*someone just said this on whatever cooking show is on in the background. "My mum used to make this when we were kiddles... right Kate, let's make a chowder! Nut brown butter!" Who is this chump? Why are there so many chumps on the television? CHUMP TV.
I was going to write a post about how people keep asking me for love life advice* despite the fact that my love life is best described as 'strikingly disorganised' but then I got distracted by the internet, specifically the 'type bears into Google Image Search' part of the internet, and now I can't remember how the rest of the post was going to go.
So I decided instead to take a photo of the huge tomato we grew (it is at least a C cup) but while I was looking for the cord that connects the camera to the laptop I found a couple of old notebooks.
Things that at the time seemed like nuggets of purest golden genius now seem like ripsnorting insanity, like the plan I had to revive the health system by videotaping operations and allowing patients/friends of patients to buy the tape afterwards.
The notebooks appear to be evenly split between philosophical thoughts ('what if birds exploded,**'), band names ('Fuck the Chutney'), things that no longer make any sense ('Secret Secret Pig') and notes to self ('new rule: NO reporters.')
I don't know why there are so many band names when I don't have a band.
I also don't know why I wrote 'BatChap' three times in the same notebook. I think I may have been trying to rename Batman.
I wonder if anyone would actually make Hoverbear? I would totally watch it.
*some classic love life advice from me: "Write I Love You on your bum and moon him at the office." I know, right? Pretty fucking romantic.
**well, what if they did? Other thoughts in this vein included 'what if I was magnetic' and 'imagine if you were stuck somewhere and the only way you could be rescued was by farting SOS in Morse Code.' Yes. Imagine.
6 comments:
Fuck the Chutney sounds like it could be a refrain from an early System of a Down tune.
ha x
Who is Chutney?
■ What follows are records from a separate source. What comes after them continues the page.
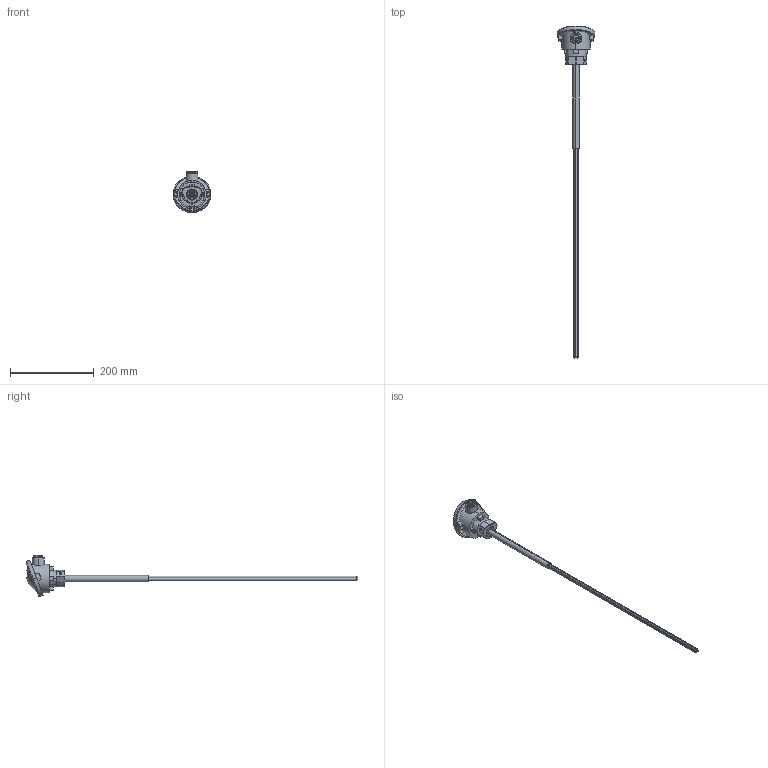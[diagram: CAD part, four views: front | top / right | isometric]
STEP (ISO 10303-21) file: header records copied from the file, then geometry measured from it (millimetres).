
FILE_DESCRIPTION (( 'STEP AP214' ), '1' );
FILE_NAME ('13-0103-SR15.STEP', '2023-10-16T13:02:05', ( '' ), ( '' ), 'SwSTEP 2.0', 'SolidWorks 2022', '' );
FILE_SCHEMA (( 'AUTOMOTIVE_DESIGN' ));
Length unit declared in the file: millimetre
Products named in the file (26): 22-1104-0503_NL700; Kopfeinsatz_Mutter; Cover^Anschlusskopf_Form_A; Kopfeinsatz_Quetschring; slotted pan head screw_din_DIN EN ISO 1580 - M4 x 8 - 8C; Anschlusskopf_Form_A_Kopf; body^Anschlusskopf_Form_A; Luesterklemme-1-1; Schraube_M5_Kopf; socket set screw cone point_din_DIN 914 - M5 x 6-C; slotted pan head screw_din_DIN EN ISO 1580 - M4 x 16 - 16C; Kopfeinsatz_Dichtring_Deckel; Schraube_M3-1-1; Montageplatte_3fach; Scheibe_M5_Kopf; Kabelverschaubung_M20x15_Gummi; 13-0103-SR15; 22-0103-1101-06; Anschlusskopf_Form_A; Luesterklemme_BG-2; Einschub-1-1; 22-0101-1102-15; 22-0000-1018-01-1; 23-0102-35_23-0102-35-0738; Kopfeinsatz_Deckel; Luesterklemme_BG-1
Assembly tree (44 placements, depth 4):
  13-0103-SR15
    22-0101-1102-15
    22-0103-1101-06
    22-1104-0503_NL700  x3
    23-0102-35_23-0102-35-0738  x2
    Anschlusskopf_Form_A
      body^Anschlusskopf_Form_A
        Anschlusskopf_Form_A_Kopf
        Kabelverschaubung_M20x15_Gummi
        Kopfeinsatz_Mutter
        Kopfeinsatz_Quetschring
        socket set screw cone point_din_DIN 914 - M5 x 6-C  x2
      Cover^Anschlusskopf_Form_A
        Kopfeinsatz_Dichtring_Deckel
        Kopfeinsatz_Deckel
        Schraube_M5_Kopf  x2
        Scheibe_M5_Kopf  x2
    Montageplatte_3fach
      Luesterklemme_BG-1
        Luesterklemme-1-1
        Einschub-1-1  x2
        Schraube_M3-1-1  x4
      Luesterklemme_BG-2
        Luesterklemme-1-1
        Einschub-1-1  x2
        Schraube_M3-1-1  x4
      22-0000-1018-01-1
      slotted pan head screw_din_DIN EN ISO 1580 - M4 x 16 - 16C  x2
      slotted pan head screw_din_DIN EN ISO 1580 - M4 x 8 - 8C  x2
Bounding box: 90 x 793.53 x 98.48 mm (x, y, z)
Volume: 101373.1 mm3; surface area: 177880.6 mm2
Topology: 37 solids, 39 shells, 652 faces, 1545 edges, 991 vertices
Faces by surface type: cylinder 282, plane 276, cone 54, sphere 19, torus 19, bspline 2
Entity records: 13337 total; most frequent: CARTESIAN_POINT 2736, DIRECTION 2151, ORIENTED_EDGE 1846, EDGE_CURVE 924, AXIS2_PLACEMENT_3D 858, VERTEX_POINT 596, EDGE_LOOP 491, VECTOR 435

Is she hot?
Hovertiger... hoverwombat. Invisible secret hoverpig... You may be onto something here.
I'm trying to think of a legitimate place you'd be stuck where the ONLY way out was farting SOS and the only thing I can think of is a public toilet. And even then I'm not sure it would be necessary.
I would love to start a heavy metal or death metal band and call it "The Banjo & Washboard Band". We would be invited to folk festivals and be TOTALLY out of place. Or to metal festivals and no one would visit our stage.
Unfortunately, I have no musical talent and will have to come up with a NEW plan to mind-fuck on a mass scale.